18.12  The Chair asked how many new beds would be available when Phase 1 comes into operation in Spring 2023, and how many of these would be for city residents? Mr Larsen-Disney responded that on day one of Phase 1 opening to patients there will be around 50 extra unallocated beds. 24 of these will be critical care beds, so could in theory be filled by patients from anywhere in the region. However, most of the decant of patients into the Phase 1 build is from the Barry and Courtyard buildings, which mostly provide local services.

 

18.13  In response to a question from Cllr O’Quinn on private beds, Ms Geoghegan assured members that there will be no private beds in RSCH.

 

18.14  In answer to a query from Cllr Rainey on local food sourcing and sustainability, Ms Geoghegan told the committee that there has been lots of focus in 3Ts on ensuring that cafes offer healthy eating options and minimise the use of plastics etc. In terms of patient food, the ambition is to use the kitchen facilities at St Richards Hospital, Chichester, to provide for all UHSx sites. This would mean all hospital food being made in Sussex, a major advance in terms of carbon footprint and localism.

 

18.15  In response to a question from Cllr Grimshaw on whether there is always enough food for patients, Ms Geoghegan confirmed that there is always enough reserve food and that robust contingency plans are in place for emergencies.

 

18.16  Geoffrey Bowden asked what the per meal budget was for hospital food. Ms Geoghegan did not have the figure to hand but promised to provide a written response.

 

18.17  Cllr West noted that he understood the argument that a focus on lessening length of stay would reduce the demand for beds. However, when would the system know that 3Ts is working in this way? Mr Larsen-Disney responded that it was difficult to give a timeline for this, but the principle is widely accepted with lots of evidence of it working from other places.

 

18.18  In response to a question from Cllr West on fresh air in the hospital, Mr Larsen-Disney confirmed that the new facilities will have much better access to ventilation than the buildings they replace.

 

18.19  The Chair asked a question about flow through the hospital and problems with discharge delays.

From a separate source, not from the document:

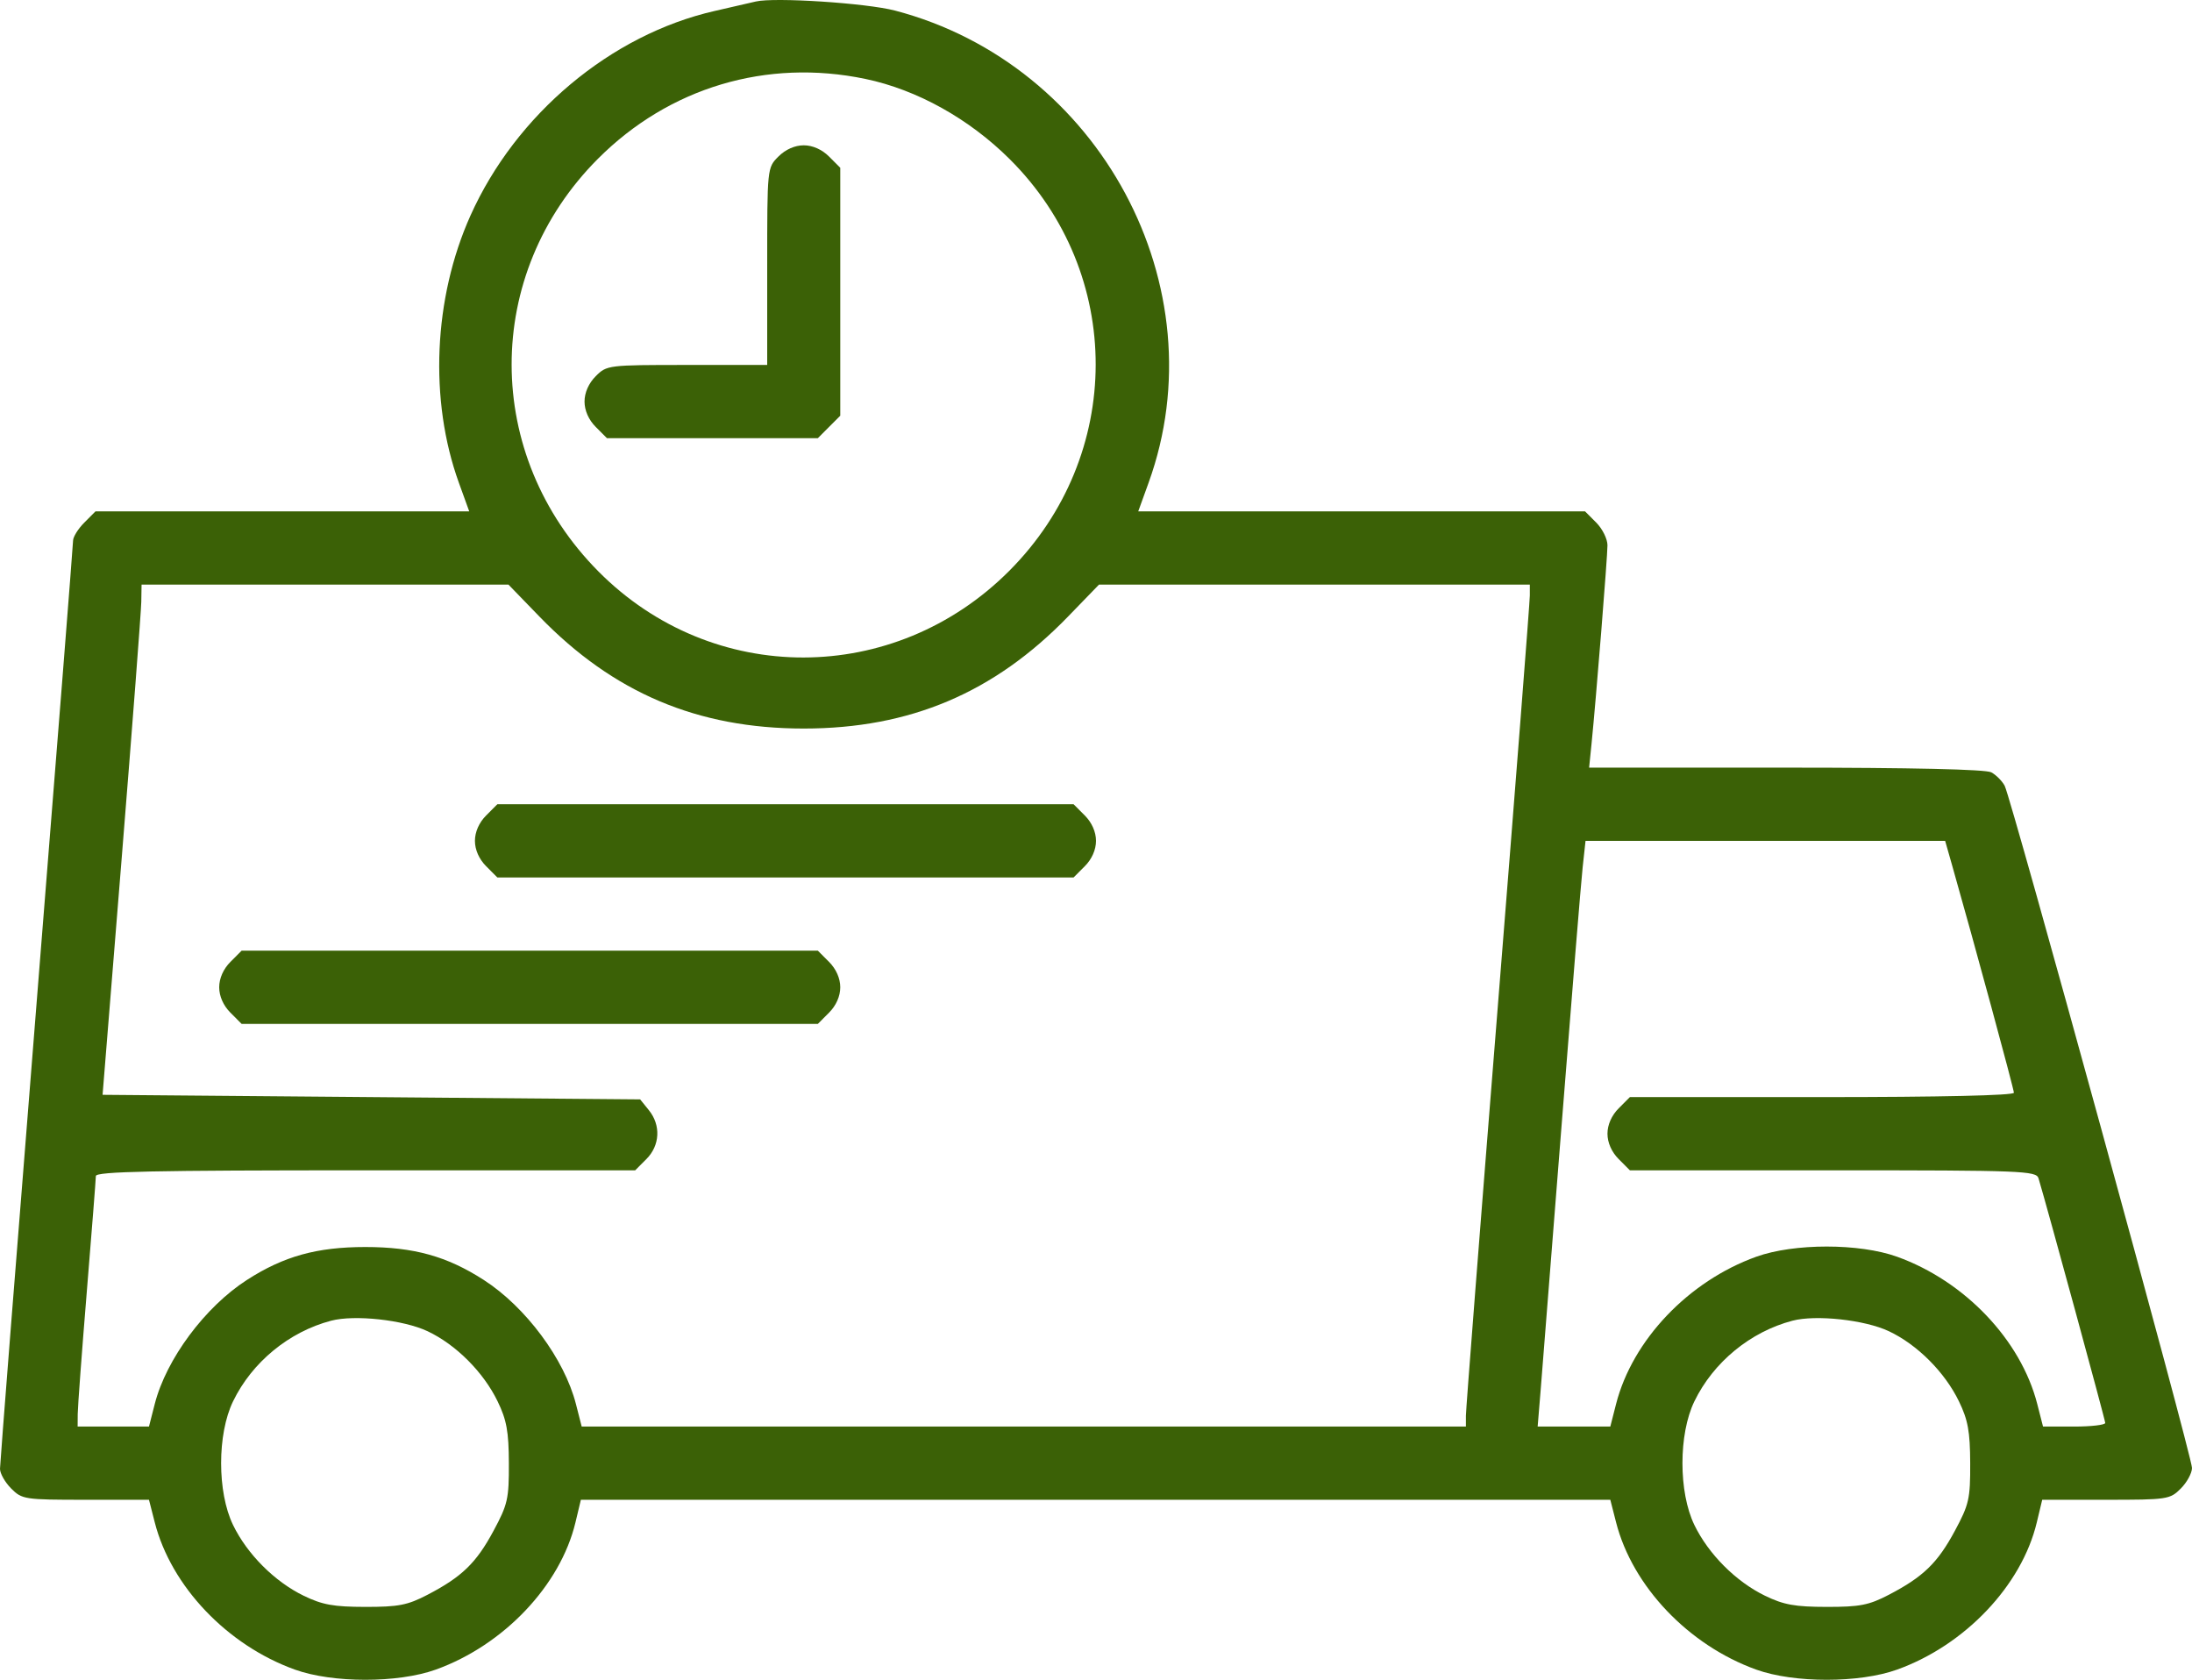 <?xml version="1.0" encoding="UTF-8"?> <svg xmlns="http://www.w3.org/2000/svg" width="368" height="282" viewBox="0 0 368 282" fill="none"> <path fill-rule="evenodd" clip-rule="evenodd" d="M126.883 0.254C126.04 0.455 122.935 1.169 119.983 1.841C102.562 5.809 86.607 19.177 78.979 36.197C72.763 50.064 72.023 67.183 77.039 81.049L78.776 85.85H47.403H16.03L14.149 87.736C13.114 88.773 12.267 90.134 12.267 90.76C12.267 91.387 9.507 126.382 6.133 168.527C2.76 210.672 0 245.796 0 246.582C0 247.367 0.847 248.857 1.882 249.894C3.698 251.715 4.13 251.78 14.386 251.78H25.01L25.98 255.57C28.727 266.312 38.146 276.206 49.512 280.291C55.854 282.57 66.813 282.57 73.155 280.291C84.561 276.192 94.074 266.172 96.608 255.589L97.519 251.78H183.932H270.344L271.313 255.57C274.06 266.312 283.48 276.206 294.845 280.291C301.187 282.57 312.146 282.57 318.488 280.291C329.894 276.192 339.407 266.172 341.941 255.589L342.853 251.78H353.544C363.874 251.78 364.3 251.716 366.118 249.894C367.153 248.857 368 247.299 368 246.432C368 244.494 337.645 133.96 336.55 131.91C336.118 131.102 335.105 130.087 334.3 129.655C333.366 129.154 320.853 128.869 299.81 128.869H266.787L267.195 124.836C267.945 117.44 269.867 93.482 269.867 91.539C269.867 90.484 269.02 88.773 267.985 87.736L266.103 85.85H228.597H191.09L192.827 81.049C204.721 48.173 184.655 10.799 150.267 1.778C145.454 0.515 130.021 -0.49 126.883 0.254ZM145.283 13.249C153.937 15.054 162.71 19.934 169.539 26.742C188.791 45.934 188.744 76.487 169.433 95.837C150.123 115.186 119.63 115.233 100.475 95.943C81.067 76.395 81.028 46.051 100.387 26.652C112.334 14.682 128.709 9.793 145.283 13.249ZM130.682 26.281C128.8 28.166 128.8 28.168 128.8 44.717V61.268H115.349C102.089 61.268 101.87 61.295 100.015 63.154C98.829 64.342 98.133 65.917 98.133 67.414C98.133 68.91 98.829 70.485 100.015 71.673L101.897 73.559H119.6H137.303L139.184 71.673L141.067 69.788V48.977V28.166L139.184 26.281C137.998 25.092 136.427 24.395 134.933 24.395C133.44 24.395 131.868 25.092 130.682 26.281ZM90.566 103.513C102.966 116.314 117.113 122.306 134.933 122.306C152.754 122.306 166.9 116.314 179.301 103.513L184.505 98.141H220.669H256.833V99.97C256.833 100.975 254.418 131.956 251.467 168.815C248.515 205.674 246.1 236.655 246.1 237.66V239.489H171.878H97.656L96.687 235.699C94.758 228.159 88.252 219.406 81.205 214.869C75.03 210.894 69.462 209.347 61.333 209.347C53.205 209.347 47.637 210.894 41.462 214.869C34.414 219.406 27.908 228.159 25.98 235.699L25.01 239.489H19.022H13.033L13.048 237.376C13.056 236.215 13.742 226.967 14.574 216.827C15.406 206.687 16.09 197.959 16.093 197.43C16.099 196.673 25.668 196.47 61.368 196.47H106.636L108.518 194.584C110.802 192.296 110.975 188.902 108.935 186.377L107.47 184.563L62.345 184.179L17.221 183.795L20.448 143.849C22.222 121.878 23.695 102.607 23.72 101.022L23.767 98.141H54.564H85.361L90.566 103.513ZM81.615 136.9C80.429 138.089 79.733 139.664 79.733 141.16C79.733 142.657 80.429 144.231 81.615 145.42L83.497 147.306H131.867H180.236L182.118 145.42C183.305 144.231 184 142.657 184 141.16C184 139.664 183.305 138.089 182.118 136.9L180.236 135.015H131.867H83.497L81.615 136.9ZM327.706 145.193C331.355 157.999 338.1 182.824 338.1 183.447C338.1 183.899 325.776 184.179 305.865 184.179H273.63L271.749 186.065C270.562 187.253 269.867 188.828 269.867 190.324C269.867 191.821 270.562 193.396 271.749 194.584L273.63 196.47H307.73C339.541 196.47 341.857 196.56 342.233 197.814C343.733 202.821 353.433 238.386 353.433 238.878C353.433 239.214 351.083 239.489 348.212 239.489H342.99L342.02 235.699C339.273 224.957 329.854 215.063 318.488 210.978C312.146 208.699 301.187 208.699 294.845 210.978C283.48 215.063 274.06 224.957 271.313 235.699L270.344 239.489H264.245H258.146L258.637 233.535C258.906 230.261 260.498 210.125 262.175 188.788C263.851 167.452 265.439 148.007 265.704 145.577L266.184 141.16H296.37H326.557L327.706 145.193ZM38.682 161.483C37.495 162.671 36.8 164.246 36.8 165.742C36.8 167.239 37.495 168.814 38.682 170.002L40.564 171.888H88.933H137.303L139.184 170.002C140.371 168.814 141.067 167.239 141.067 165.742C141.067 164.246 140.371 162.671 139.184 161.483L137.303 159.597H88.933H40.564L38.682 161.483ZM71.77 223.477C76.541 225.723 81.17 230.356 83.546 235.264C85.058 238.387 85.41 240.324 85.43 245.634C85.453 251.622 85.238 252.566 82.85 257.004C79.949 262.396 77.543 264.723 71.765 267.731C68.421 269.473 66.9 269.769 61.333 269.762C56.011 269.756 54.114 269.413 50.983 267.891C46.095 265.515 41.492 260.903 39.121 256.005C36.455 250.499 36.455 240.769 39.121 235.264C42.303 228.69 48.513 223.58 55.583 221.719C59.525 220.68 67.72 221.571 71.77 223.477ZM317.103 223.477C321.874 225.723 326.503 230.356 328.879 235.264C330.391 238.387 330.743 240.324 330.763 245.634C330.786 251.622 330.571 252.566 328.183 257.004C325.282 262.396 322.876 264.723 317.099 267.731C313.754 269.473 312.233 269.769 306.667 269.762C301.344 269.756 299.448 269.413 296.317 267.891C291.428 265.515 286.825 260.903 284.454 256.005C281.788 250.499 281.788 240.769 284.454 235.264C287.636 228.69 293.846 223.58 300.917 221.719C304.858 220.68 313.054 221.571 317.103 223.477Z" fill="#3B6106"></path> </svg>

Mr Larsen-Disney responded that the Trust works hard with the city council, Sussex Community NHS Foundation Trust and other partners on discharge. 3Ts will assist in this work by reducing length of stay, meaning that patients will be at less risk of becoming deconditioned through lengthy bed stays, and less likely to need extensive care packages on discharge.

 

18.20  The Chair thanked the presenters for their contributions and noted that, although the local health and care system faces considerable challenges, the 3Ts development offers exciting opportunities for the city.

 

18.21  RESOLVED – that the report be noted.